**EXERCISE AIM:**
Return the entries below word for word; no images should appear in the copy.

*** EXTRACTED DATA ***

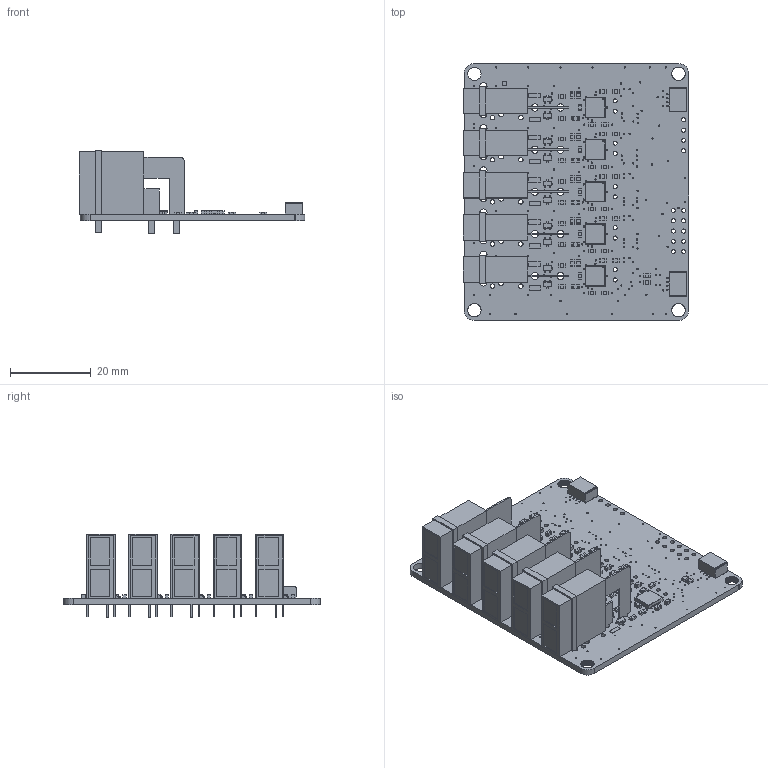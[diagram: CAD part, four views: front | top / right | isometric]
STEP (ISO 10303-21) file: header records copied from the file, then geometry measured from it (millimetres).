
FILE_DESCRIPTION(/* description */ (''),/* implementation_level */ '2;1');
FILE_NAME(/* name */ 'SEN-30013_MCP960X_5CH_R00 v6.step',/* time_stamp */ '2024-09-26T21:37:35-05:00',/* author */ (''),/* organization */ (''),/* preprocessor_version */ 'ST-DEVELOPER v20',/* originating_system */ 'Autodesk Translation Framework v13.20.0.188',/* authorisation */ '');
FILE_SCHEMA (('AUTOMOTIVE_DESIGN { 1 0 10303 214 3 1 1 }'));
Length unit declared in the file: millimetre
Products named in the file (11): SEN-30013_MCP960X_5CH_R00; Board; Packages; C0603K; SM04B-SRSS-TB; MQFN20-5X5X1; SC70---SOT-323; PCC-SMP-V(NOPLACE); C0603K (1); R0603; FIDUCIAL_1MM
Assembly tree (87 placements, depth 3):
  SEN-30013_MCP960X_5CH_R00
    Board
    Packages
      C0603K  x10
      SM04B-SRSS-TB  x2
      MQFN20-5X5X1  x5
      SC70---SOT-323  x10
      PCC-SMP-V(NOPLACE)  x5
      C0603K (1)  x15
      R0603  x37
      FIDUCIAL_1MM
Bounding box: 55.75 x 63.5 x 20.7 mm (x, y, z)
Volume: 13689.8 mm3; surface area: 16151.4 mm2
Topology: 171 solids, 171 shells, 5125 faces, 12011 edges, 7346 vertices
Faces by surface type: plane 2983, cylinder 1550, sphere 592
Full cylindrical faces by diameter (mm): 0.3 x5, 0.305 x265, 1.016 x24, 1.1 x20, 1.3 x10, 1.778 x20, 3.302 x1
Entity records: 44906 total; most frequent: DIRECTION 7492, CARTESIAN_POINT 7484, ORIENTED_EDGE 7324, EDGE_CURVE 3662, LINE 2660, VECTOR 2660, AXIS2_PLACEMENT_3D 2416, VERTEX_POINT 2408

***

**SOLUTION TO THE EXERCISE:**
[diagram: CAD part, four views: front | top / right | isometric]
STEP (ISO 10303-21) file: header records copied from the file, then geometry measured from it (millimetres).
FILE_DESCRIPTION(/* description */ (''),/* implementation_level */ '2;1');
FILE_NAME(/* name */ 'SEN-30013_MCP960X_5CH_R00 v6.step',/* time_stamp */ '2024-09-26T21:37:35-05:00',/* author */ (''),/* organization */ (''),/* preprocessor_version */ 'ST-DEVELOPER v20',/* originating_system */ 'Autodesk Translation Framework v13.20.0.188',/* authorisation */ '');
FILE_SCHEMA (('AUTOMOTIVE_DESIGN { 1 0 10303 214 3 1 1 }'));
Length unit declared in the file: millimetre
Products named in the file (11): SEN-30013_MCP960X_5CH_R00; Board; Packages; C0603K; SM04B-SRSS-TB; MQFN20-5X5X1; SC70---SOT-323; PCC-SMP-V(NOPLACE); C0603K (1); R0603; FIDUCIAL_1MM
Assembly tree (87 placements, depth 3):
  SEN-30013_MCP960X_5CH_R00
    Board
    Packages
      C0603K  x10
      SM04B-SRSS-TB  x2
      MQFN20-5X5X1  x5
      SC70---SOT-323  x10
      PCC-SMP-V(NOPLACE)  x5
      C0603K (1)  x15
      R0603  x37
      FIDUCIAL_1MM
Bounding box: 55.75 x 63.5 x 20.7 mm (x, y, z)
Volume: 13689.8 mm3; surface area: 16151.4 mm2
Topology: 171 solids, 171 shells, 5125 faces, 12011 edges, 7346 vertices
Faces by surface type: plane 2983, cylinder 1550, sphere 592
Full cylindrical faces by diameter (mm): 0.3 x5, 0.305 x265, 1.016 x24, 1.1 x20, 1.3 x10, 1.778 x20, 3.302 x1
Entity records: 44906 total; most frequent: DIRECTION 7492, CARTESIAN_POINT 7484, ORIENTED_EDGE 7324, EDGE_CURVE 3662, LINE 2660, VECTOR 2660, AXIS2_PLACEMENT_3D 2416, VERTEX_POINT 2408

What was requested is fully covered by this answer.